First budget rather ‘Bahi Khata’ of the Modi 2.0 government, presented on July 5 in the Lok Sabha by Finance Minister Nirmala Sitharaman, had aroused much expectations particularly because people had given a far better improved mandate than in 2014. There were hopes that the document of national revenues and expenditure would address problems of growth and make pathbreaking reforms to send a positive signal that India is ready to break the shackles to release animal spirits of entrepreneurs.
Industry, business and people at large were expecting something more than ordinary and a routine budget like that of 1991-92, 1997-98 and 2000-01 that had given decisive push to national economy setting the country on unprecedented growth path. Since big issues have been overlooked and bold ideas are absent, the document fails to evoke much needed confidence.
National economy had considerably slowed down during five years of Modi 1.0 government. The GDP growth has slid down to tis 20-quarter low of 5.8 per cent in January-March 2019. Unemployment stands today at record levels worst in the last 40 years. Agricultural distress is rampant and rural unemployment is worst then in urban areas.
But it seems Prime Minister Narendra Modi and Sitharamanhave chosen to follow a conservative path avoiding risks by not taking the reformist path. The 2019-20 budget is prudent and has preferred the path of fiscal rectitude. There are policy announcements but the Finance Minister has not revealed as how the same are going to be implemented. For example, Sitharaman, like his predecessor Arun Jaitley, has projected the economy to grow 8-8.5 per cent and has assumed inflation to remain range-bound at 3.5-4 per cent but no unbiased expert is going to buy these loud pronouncements because there is nothing in the budget that can ensure what is being claimed.
Confirmation of belied hopes came from stock markets with BSE Sensex falling by 395 points or almost one per cent though the government claimed that markets are based on sentiments rather on hard ground realities and facts. Over two hour 15 minutes long budget speech of the Finance Minister, acclaimed by the Prime Minister and the MPs of the ruling NDA coalition several times, has undoubtedly woven a beautiful dream by using pleasing words and symbolic gestures.

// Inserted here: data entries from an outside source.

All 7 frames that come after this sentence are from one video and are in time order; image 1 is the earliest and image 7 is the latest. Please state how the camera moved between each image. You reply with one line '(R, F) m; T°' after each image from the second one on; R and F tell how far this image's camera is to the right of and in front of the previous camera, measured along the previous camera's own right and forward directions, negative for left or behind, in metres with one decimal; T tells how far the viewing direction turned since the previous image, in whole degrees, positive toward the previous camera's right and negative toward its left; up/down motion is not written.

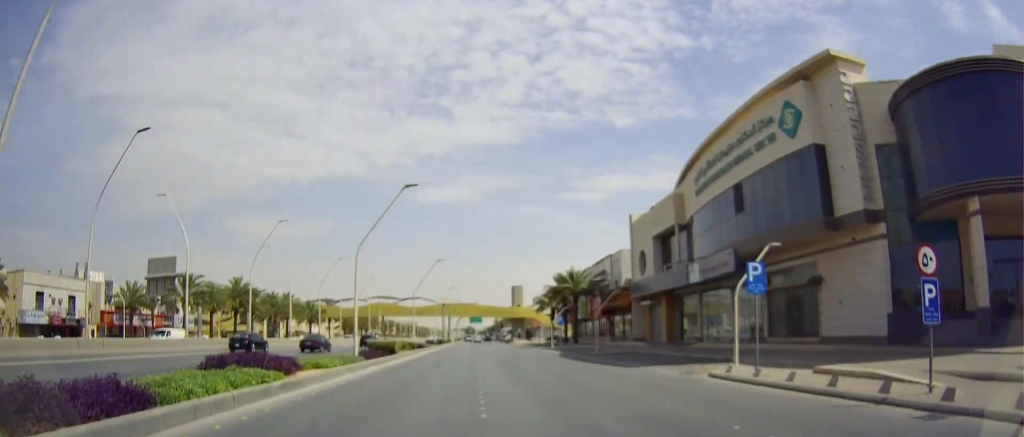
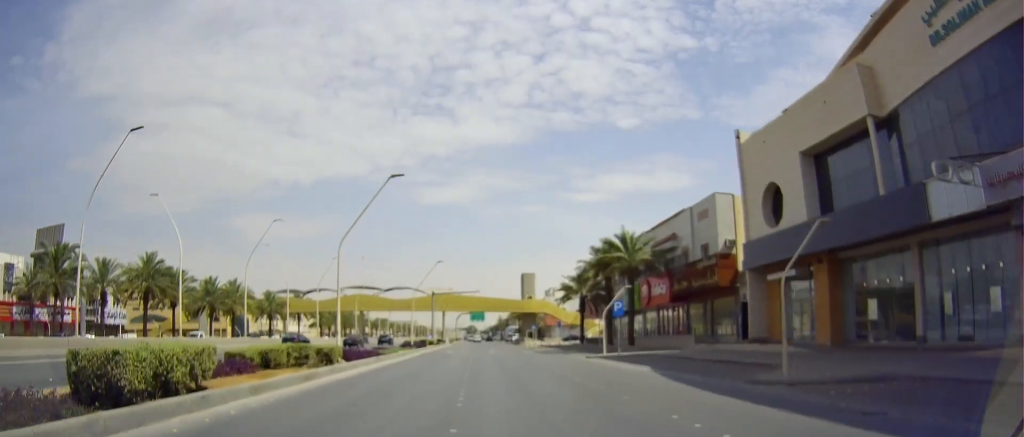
(+0.3, +26.1) m; 0°
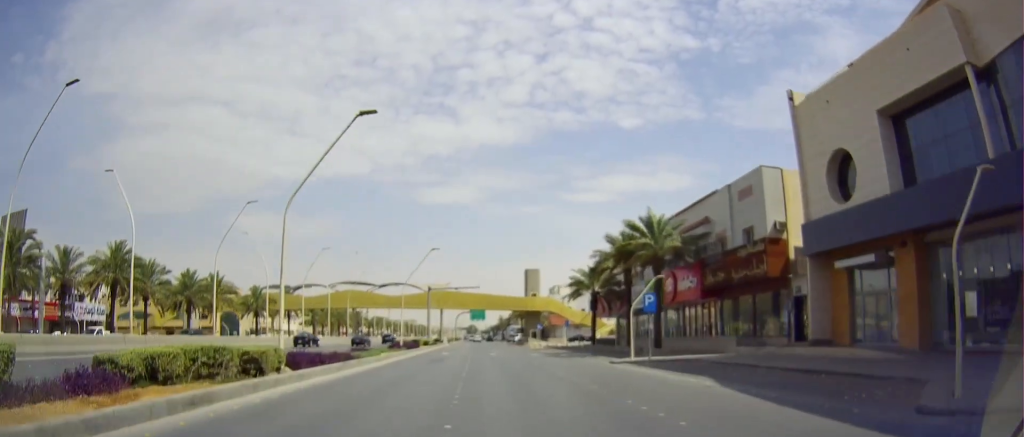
(-0.3, +6.7) m; 0°
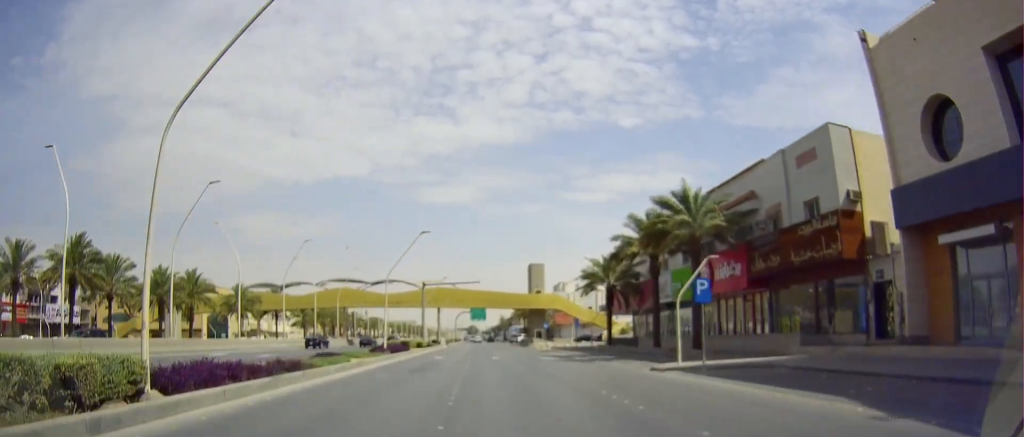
(-0.3, +7.3) m; 0°
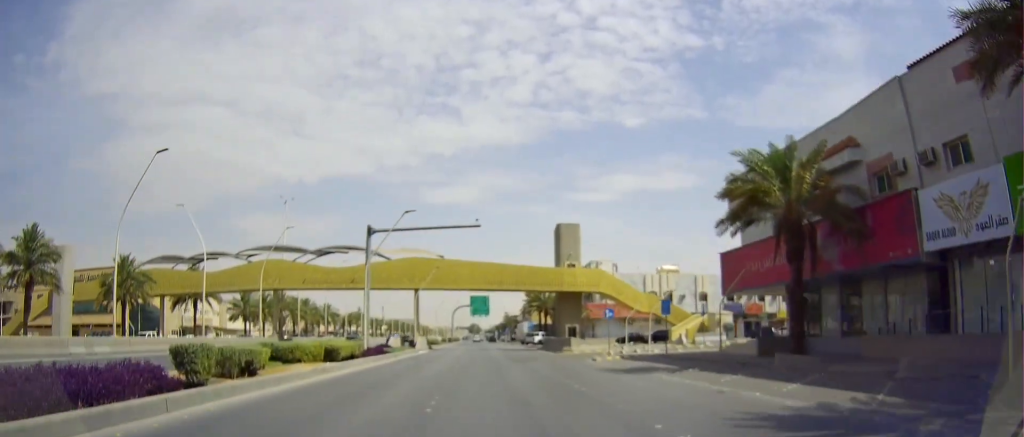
(+0.8, +32.4) m; 0°
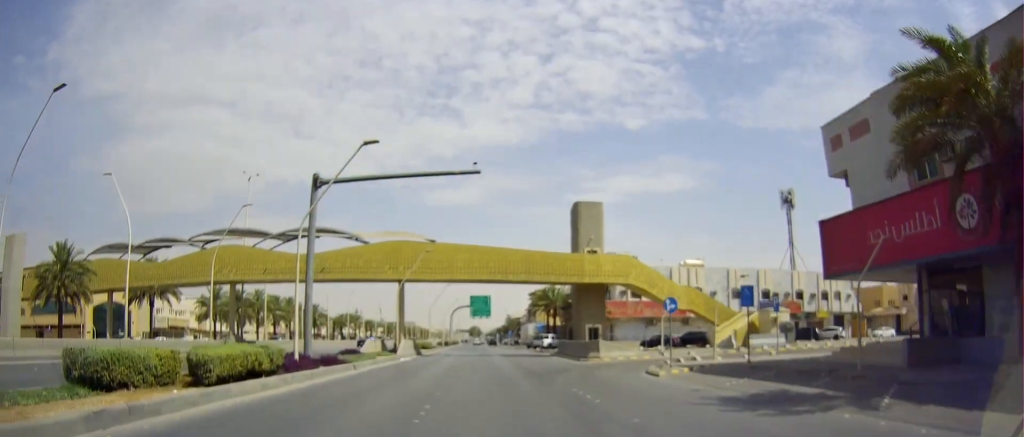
(-0.3, +11.4) m; +1°
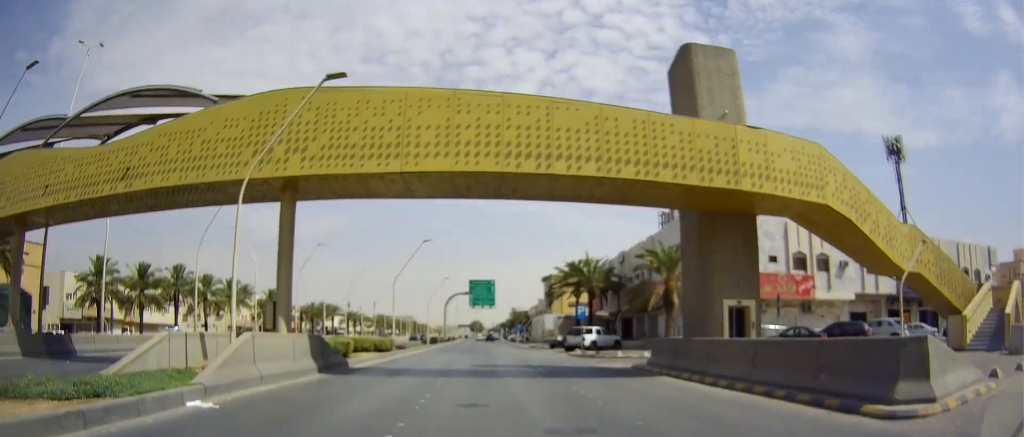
(-0.1, +28.1) m; -1°

By proposing higher income tax on rich and super rich, the Modi government has successfully sent a message to poor that it stands for them but it would fetch around Rs 12,000 crore which is not an earth moving sum but is definitely strong on political messaging. In another step, the Finance Minister has granted a bank overdraft facility of Rs 5000 for women members of the Self- Help Groups (SHG). The hike in allocations for women (10%), the Scheduled Casts (30%) and the Scheduled Tribes (25%) is also a significant indicator of the government’s priorities.
Similarly, announcements of targets for the construction of 1.95 crore houses under Pradhan Mantri Awas Yojna (PMAY) and an allocation of Rs 80, 250 crores for the upgrade of rural roads under the Pradhan Mantri Gram Sadak Yojna (PMGSY) were made. Unfortunately, the Modi government has again, like in the first two years of the previous tenure, lost a golden opportunity to take the country on path of rapid development and has instead opted for political consolidation and sustaining the party in power.
For example, the Finance Minister could have announced steps to dismantle all or some provisions of the Essential Commodities Act and Agriculture Produce Market c\Committee laws that allow restrictions on sale, movement. Stocking and export of farm commodities thus unshackling energies that would have given boost to production as well as creation of one market. Such controls have lost relevance in the context of India transforming from a structurally deficit to surplus producer in most of the crops.
One clear message of intent of the government would have infused optimism and generated confidence among agri-businesses, large retailers and traders who are eager to invest in grading, processing, value addition, warehousing, transport and port infrastructure that in turn would have also contributed to the doubling of farmers’ incomes.
Another area where the Modi government could have taken a decisive initiative is of rationalisation of farm subsidies. In 2019-20, the government’s budgeted figure for food, fertiliser and crop loan subsidies along with the PM Kisan income support scheme stands at Rs 3,57,216 crores. At least half of this amount could be reduced by half at least by just capping sales of subsidised fertilisers. This step, apart from reducing amount on subsidies, would have also contributed to reduction of the use if chemical fertilisers that are apart from poisoning the soil is also eroding soil quality.
Instead, the Finance Minister has introduced the concept of ‘zero budget’ farming which in real term means organic farming but this may be good for niche markets but for mass production at low cost, it is neither feasible nor practical. If the Modi government had only allocated funds of agriculture Research & Development sector, results would have been much promising.
While the Prime Minister has come down heavily on doubting the government’s claim of making the country a $ 5 trillion economy in the next five years calling them ‘professional pessimists’ but the budget has nothing concrete that would ensure a sustained GDP growth of 8.5 to 8 per cent growth which alone can help in achieving the ambitious target.
In short, the budget is high on rhetoric, strong on political optics, emotional on gullible and ignorant but is deficient on economic principles and entrepreneurial fundamentals.
Dr. Satish Misra is a Veteran Journalist & Research Associate with Observer Research Foundation.